SUPPLIED RECORDS =
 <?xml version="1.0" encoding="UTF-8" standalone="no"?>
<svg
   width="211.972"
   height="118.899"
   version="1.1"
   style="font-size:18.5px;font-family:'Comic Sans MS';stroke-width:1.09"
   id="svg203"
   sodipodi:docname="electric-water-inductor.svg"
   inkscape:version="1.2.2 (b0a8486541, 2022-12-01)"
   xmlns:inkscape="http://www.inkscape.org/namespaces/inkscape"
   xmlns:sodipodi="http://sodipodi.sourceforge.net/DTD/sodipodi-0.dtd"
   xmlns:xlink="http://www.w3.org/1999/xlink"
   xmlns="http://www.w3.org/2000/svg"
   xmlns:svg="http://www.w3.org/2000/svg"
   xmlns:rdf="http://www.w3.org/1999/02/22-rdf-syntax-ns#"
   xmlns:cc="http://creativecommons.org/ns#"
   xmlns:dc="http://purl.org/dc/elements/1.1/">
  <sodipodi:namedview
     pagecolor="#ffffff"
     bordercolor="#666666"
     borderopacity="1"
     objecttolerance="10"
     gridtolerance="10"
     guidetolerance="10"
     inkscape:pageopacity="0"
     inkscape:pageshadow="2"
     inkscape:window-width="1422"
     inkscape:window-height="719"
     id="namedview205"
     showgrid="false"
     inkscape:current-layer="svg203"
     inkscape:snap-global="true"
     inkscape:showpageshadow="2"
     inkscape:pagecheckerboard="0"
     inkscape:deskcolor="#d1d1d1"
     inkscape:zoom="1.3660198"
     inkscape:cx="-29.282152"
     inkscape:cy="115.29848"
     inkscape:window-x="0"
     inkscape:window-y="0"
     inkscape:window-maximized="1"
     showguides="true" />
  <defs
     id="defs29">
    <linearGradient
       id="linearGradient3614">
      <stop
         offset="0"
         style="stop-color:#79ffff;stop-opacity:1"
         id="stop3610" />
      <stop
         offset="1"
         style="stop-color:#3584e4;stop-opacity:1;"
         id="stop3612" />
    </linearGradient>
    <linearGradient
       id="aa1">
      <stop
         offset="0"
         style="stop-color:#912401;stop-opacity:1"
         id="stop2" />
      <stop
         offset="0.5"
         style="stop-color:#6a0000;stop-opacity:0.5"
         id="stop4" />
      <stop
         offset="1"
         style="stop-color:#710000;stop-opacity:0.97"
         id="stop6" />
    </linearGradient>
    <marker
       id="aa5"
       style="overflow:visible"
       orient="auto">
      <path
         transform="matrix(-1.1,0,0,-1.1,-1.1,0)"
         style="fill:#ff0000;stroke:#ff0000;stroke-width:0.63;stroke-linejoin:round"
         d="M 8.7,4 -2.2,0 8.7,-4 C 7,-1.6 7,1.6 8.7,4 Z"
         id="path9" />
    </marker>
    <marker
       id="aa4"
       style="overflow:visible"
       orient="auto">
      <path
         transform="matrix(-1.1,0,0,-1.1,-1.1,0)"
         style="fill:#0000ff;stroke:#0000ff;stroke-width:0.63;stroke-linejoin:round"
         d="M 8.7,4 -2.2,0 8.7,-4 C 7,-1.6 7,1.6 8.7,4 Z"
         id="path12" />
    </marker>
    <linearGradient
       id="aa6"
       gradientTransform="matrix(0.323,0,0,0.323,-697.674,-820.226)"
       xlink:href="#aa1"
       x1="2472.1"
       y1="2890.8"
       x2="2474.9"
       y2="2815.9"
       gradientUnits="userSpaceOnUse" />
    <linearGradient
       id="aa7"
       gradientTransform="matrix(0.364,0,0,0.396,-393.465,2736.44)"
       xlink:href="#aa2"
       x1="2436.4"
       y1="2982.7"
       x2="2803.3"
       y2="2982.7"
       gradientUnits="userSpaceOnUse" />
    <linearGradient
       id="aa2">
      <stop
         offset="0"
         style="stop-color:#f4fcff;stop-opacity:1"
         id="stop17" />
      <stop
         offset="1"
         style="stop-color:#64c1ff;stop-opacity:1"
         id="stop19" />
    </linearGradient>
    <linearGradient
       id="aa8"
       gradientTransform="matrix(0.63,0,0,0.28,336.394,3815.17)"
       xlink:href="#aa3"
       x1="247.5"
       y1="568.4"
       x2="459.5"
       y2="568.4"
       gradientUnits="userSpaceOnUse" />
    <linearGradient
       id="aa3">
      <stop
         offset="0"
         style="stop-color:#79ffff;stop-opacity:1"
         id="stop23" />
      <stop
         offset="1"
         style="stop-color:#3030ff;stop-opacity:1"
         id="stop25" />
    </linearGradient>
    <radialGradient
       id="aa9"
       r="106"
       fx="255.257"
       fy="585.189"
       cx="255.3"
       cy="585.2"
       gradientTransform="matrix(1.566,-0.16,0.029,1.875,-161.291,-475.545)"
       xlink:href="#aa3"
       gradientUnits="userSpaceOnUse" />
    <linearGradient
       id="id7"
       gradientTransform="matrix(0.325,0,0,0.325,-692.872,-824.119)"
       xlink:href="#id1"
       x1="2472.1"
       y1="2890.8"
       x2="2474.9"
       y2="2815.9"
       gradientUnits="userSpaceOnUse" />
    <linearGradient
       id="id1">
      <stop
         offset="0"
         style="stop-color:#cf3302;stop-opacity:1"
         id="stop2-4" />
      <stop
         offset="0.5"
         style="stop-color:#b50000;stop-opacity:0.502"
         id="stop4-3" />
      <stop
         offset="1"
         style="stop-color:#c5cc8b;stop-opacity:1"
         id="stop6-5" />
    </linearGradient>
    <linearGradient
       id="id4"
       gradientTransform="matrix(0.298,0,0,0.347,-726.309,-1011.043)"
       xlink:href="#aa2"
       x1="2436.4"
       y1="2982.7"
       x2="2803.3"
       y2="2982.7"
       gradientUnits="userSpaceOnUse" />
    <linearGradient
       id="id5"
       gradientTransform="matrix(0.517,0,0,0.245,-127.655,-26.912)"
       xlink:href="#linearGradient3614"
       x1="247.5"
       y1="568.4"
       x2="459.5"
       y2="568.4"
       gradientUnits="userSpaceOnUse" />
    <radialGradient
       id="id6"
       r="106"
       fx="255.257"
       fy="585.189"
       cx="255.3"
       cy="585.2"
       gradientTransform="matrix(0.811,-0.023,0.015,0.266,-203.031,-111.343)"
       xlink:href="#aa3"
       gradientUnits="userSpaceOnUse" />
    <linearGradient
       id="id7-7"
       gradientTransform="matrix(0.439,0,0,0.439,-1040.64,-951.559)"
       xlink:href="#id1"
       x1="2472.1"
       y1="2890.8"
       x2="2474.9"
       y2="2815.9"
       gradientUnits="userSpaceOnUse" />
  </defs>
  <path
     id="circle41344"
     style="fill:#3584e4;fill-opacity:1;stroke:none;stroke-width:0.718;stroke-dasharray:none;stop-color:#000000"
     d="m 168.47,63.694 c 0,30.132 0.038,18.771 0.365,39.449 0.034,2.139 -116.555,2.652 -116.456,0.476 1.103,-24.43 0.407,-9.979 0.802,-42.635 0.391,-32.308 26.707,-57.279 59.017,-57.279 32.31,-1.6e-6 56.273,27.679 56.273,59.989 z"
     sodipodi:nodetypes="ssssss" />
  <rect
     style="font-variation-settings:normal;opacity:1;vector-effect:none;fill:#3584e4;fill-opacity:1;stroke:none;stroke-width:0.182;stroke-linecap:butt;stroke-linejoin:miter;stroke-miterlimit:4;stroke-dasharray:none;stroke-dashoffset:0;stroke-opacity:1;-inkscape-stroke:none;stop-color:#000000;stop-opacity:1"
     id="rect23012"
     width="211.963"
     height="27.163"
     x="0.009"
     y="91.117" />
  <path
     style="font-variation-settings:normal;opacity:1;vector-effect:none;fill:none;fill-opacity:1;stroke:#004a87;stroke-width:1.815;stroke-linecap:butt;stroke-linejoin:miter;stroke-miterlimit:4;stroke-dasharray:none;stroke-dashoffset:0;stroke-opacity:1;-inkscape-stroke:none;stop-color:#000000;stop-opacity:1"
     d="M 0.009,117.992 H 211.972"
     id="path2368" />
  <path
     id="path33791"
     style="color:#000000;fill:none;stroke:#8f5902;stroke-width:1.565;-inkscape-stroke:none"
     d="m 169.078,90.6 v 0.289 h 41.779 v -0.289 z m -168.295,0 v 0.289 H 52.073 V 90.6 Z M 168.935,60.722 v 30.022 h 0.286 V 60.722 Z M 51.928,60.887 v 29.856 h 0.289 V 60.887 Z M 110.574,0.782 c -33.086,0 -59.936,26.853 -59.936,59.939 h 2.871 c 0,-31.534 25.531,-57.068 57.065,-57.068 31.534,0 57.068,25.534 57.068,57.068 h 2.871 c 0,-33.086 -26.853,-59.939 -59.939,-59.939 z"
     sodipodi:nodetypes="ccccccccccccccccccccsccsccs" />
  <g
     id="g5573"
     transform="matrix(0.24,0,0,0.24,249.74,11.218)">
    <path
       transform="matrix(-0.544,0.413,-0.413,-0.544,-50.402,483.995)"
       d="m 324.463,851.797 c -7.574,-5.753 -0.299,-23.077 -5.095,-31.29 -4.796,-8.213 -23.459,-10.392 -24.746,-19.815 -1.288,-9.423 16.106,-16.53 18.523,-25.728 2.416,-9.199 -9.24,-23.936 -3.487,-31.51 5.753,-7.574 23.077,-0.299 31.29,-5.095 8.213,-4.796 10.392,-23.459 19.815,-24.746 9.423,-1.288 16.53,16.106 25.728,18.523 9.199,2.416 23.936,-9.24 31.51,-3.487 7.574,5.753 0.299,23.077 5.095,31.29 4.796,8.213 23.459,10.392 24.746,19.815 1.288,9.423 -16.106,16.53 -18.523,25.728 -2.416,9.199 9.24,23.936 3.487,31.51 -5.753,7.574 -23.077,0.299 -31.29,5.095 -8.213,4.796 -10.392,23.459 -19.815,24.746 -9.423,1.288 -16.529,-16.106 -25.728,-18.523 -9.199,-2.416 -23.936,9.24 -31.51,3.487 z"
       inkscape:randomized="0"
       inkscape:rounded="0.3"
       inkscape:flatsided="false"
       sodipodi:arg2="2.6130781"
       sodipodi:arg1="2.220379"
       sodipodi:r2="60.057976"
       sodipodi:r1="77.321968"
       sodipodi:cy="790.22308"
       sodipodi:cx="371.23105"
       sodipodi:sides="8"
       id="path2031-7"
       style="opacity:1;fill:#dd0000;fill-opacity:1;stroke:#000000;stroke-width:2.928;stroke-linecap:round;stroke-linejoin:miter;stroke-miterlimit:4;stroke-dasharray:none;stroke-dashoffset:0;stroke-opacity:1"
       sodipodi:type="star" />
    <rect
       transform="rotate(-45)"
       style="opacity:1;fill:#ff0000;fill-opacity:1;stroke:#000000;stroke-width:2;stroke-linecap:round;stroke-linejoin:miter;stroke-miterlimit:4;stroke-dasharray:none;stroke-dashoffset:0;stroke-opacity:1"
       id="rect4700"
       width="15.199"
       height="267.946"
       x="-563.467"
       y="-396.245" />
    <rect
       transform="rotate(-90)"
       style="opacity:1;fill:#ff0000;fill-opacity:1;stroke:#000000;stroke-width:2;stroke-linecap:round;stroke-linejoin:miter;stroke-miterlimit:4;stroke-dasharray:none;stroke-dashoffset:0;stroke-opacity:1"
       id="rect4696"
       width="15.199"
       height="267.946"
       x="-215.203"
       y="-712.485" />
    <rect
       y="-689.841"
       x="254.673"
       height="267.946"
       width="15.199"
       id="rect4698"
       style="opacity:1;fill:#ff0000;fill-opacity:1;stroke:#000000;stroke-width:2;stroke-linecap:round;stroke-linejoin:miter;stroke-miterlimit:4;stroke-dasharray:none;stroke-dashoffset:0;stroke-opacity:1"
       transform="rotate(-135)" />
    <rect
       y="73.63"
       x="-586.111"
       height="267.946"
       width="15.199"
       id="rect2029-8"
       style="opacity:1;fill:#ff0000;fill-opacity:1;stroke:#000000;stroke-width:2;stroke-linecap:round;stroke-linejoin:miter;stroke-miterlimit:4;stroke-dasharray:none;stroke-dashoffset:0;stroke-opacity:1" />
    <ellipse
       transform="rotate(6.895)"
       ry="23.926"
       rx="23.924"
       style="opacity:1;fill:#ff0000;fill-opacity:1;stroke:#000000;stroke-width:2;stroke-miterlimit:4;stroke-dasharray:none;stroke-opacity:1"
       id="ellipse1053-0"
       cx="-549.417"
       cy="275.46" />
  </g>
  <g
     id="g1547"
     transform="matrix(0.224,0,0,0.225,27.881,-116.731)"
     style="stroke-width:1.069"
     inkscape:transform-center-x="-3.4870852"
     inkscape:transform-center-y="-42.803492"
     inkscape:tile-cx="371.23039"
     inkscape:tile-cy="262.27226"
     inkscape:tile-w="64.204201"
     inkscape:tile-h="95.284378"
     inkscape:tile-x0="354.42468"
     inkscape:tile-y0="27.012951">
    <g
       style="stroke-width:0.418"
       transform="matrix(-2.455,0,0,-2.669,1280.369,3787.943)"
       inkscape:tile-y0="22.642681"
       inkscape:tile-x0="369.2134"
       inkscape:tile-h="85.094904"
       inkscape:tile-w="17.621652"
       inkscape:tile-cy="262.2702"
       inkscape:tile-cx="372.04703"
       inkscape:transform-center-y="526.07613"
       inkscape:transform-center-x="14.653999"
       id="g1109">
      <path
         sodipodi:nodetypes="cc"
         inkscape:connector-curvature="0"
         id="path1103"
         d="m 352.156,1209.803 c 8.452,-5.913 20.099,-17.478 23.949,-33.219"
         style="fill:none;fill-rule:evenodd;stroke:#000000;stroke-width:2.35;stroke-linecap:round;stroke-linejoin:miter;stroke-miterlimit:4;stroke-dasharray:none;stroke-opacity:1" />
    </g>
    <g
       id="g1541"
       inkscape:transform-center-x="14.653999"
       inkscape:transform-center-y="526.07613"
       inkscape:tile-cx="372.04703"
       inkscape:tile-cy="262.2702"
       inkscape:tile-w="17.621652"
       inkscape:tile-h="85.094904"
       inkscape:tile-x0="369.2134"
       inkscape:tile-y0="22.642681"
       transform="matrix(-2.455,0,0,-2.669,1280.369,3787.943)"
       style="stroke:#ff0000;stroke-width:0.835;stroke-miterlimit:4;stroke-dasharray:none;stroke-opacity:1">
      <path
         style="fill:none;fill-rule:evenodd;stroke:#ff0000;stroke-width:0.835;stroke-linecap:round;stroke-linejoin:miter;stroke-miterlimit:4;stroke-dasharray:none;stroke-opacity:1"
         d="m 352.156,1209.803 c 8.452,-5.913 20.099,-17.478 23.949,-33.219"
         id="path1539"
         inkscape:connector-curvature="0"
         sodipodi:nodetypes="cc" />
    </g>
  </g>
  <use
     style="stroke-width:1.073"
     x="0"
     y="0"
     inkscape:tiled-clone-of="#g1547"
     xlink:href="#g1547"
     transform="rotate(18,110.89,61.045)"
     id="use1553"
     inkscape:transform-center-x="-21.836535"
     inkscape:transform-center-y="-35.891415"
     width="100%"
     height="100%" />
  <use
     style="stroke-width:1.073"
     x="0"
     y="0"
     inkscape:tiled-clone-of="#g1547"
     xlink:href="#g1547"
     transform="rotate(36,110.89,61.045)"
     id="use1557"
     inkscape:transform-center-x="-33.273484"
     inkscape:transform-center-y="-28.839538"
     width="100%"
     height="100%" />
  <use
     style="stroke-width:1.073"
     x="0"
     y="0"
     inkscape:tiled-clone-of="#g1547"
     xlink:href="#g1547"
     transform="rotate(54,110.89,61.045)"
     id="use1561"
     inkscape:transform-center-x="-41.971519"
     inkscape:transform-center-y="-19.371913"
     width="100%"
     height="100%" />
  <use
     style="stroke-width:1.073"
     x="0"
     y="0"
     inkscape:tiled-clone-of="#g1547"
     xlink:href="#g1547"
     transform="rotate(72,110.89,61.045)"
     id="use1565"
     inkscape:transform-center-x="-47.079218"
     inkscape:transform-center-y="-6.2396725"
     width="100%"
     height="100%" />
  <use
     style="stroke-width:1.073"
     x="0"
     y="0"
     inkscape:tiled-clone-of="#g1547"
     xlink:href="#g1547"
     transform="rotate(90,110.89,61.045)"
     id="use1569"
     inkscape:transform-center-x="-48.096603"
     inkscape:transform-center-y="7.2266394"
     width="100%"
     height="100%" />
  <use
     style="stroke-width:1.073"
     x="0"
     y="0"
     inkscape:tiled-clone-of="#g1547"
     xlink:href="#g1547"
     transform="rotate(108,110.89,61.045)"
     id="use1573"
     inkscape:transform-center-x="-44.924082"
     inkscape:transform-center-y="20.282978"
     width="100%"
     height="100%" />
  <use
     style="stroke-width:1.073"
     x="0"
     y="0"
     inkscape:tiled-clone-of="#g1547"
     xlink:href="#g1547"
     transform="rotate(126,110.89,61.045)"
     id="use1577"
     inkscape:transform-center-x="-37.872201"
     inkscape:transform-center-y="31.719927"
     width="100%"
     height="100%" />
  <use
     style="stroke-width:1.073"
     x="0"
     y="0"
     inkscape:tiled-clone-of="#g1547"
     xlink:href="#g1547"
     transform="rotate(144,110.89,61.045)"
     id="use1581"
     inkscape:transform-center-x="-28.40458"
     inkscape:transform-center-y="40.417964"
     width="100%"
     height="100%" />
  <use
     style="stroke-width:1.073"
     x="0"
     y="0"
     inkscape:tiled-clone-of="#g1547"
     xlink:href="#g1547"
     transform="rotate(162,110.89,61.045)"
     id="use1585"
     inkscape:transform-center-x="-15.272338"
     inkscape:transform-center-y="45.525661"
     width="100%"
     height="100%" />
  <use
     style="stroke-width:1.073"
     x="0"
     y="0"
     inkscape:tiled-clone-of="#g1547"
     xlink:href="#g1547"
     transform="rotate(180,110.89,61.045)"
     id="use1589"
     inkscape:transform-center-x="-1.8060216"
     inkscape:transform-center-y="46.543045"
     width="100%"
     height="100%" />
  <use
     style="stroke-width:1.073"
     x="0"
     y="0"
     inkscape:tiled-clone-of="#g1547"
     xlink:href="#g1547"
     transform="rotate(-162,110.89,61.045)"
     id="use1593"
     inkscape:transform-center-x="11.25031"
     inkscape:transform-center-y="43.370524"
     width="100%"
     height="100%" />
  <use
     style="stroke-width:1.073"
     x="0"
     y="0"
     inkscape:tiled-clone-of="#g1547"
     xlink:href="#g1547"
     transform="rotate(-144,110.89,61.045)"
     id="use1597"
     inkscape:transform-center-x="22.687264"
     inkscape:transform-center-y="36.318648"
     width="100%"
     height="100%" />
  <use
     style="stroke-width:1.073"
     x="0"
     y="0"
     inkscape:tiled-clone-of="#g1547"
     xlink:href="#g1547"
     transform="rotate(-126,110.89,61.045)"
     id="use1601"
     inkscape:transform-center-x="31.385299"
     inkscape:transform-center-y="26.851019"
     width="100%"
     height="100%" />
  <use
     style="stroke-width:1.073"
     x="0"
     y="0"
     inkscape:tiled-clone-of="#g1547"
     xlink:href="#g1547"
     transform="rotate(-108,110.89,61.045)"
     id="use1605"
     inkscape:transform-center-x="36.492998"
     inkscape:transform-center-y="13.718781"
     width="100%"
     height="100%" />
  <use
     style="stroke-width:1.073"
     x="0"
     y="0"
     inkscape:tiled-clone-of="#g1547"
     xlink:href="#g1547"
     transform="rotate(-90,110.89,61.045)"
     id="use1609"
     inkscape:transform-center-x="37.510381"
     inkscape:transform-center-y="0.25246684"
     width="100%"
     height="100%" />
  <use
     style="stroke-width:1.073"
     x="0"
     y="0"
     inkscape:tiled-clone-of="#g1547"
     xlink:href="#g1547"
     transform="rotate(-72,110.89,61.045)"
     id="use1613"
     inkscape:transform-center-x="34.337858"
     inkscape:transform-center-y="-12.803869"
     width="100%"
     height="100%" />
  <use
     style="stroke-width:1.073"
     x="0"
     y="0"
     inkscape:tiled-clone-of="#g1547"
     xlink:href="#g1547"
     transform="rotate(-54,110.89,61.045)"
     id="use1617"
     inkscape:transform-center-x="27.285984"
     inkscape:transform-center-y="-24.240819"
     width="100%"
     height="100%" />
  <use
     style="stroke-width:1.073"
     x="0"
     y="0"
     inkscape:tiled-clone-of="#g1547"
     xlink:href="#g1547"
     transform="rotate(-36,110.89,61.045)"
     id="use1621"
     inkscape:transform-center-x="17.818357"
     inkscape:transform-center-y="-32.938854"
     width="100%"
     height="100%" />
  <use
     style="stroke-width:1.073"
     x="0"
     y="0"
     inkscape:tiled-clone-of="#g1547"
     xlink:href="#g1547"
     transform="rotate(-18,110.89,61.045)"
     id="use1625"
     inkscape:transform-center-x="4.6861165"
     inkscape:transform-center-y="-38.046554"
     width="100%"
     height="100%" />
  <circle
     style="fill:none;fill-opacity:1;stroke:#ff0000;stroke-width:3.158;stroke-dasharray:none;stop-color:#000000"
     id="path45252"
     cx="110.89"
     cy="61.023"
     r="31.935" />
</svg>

WHAT IS NEEDED = Where a line above holds the string "evenodd", copy that line.

TASK ANSWER =
         style="fill:none;fill-rule:evenodd;stroke:#000000;stroke-width:2.35;stroke-linecap:round;stroke-linejoin:miter;stroke-miterlimit:4;stroke-dasharray:none;stroke-opacity:1" />
         style="fill:none;fill-rule:evenodd;stroke:#ff0000;stroke-width:0.835;stroke-linecap:round;stroke-linejoin:miter;stroke-miterlimit:4;stroke-dasharray:none;stroke-opacity:1"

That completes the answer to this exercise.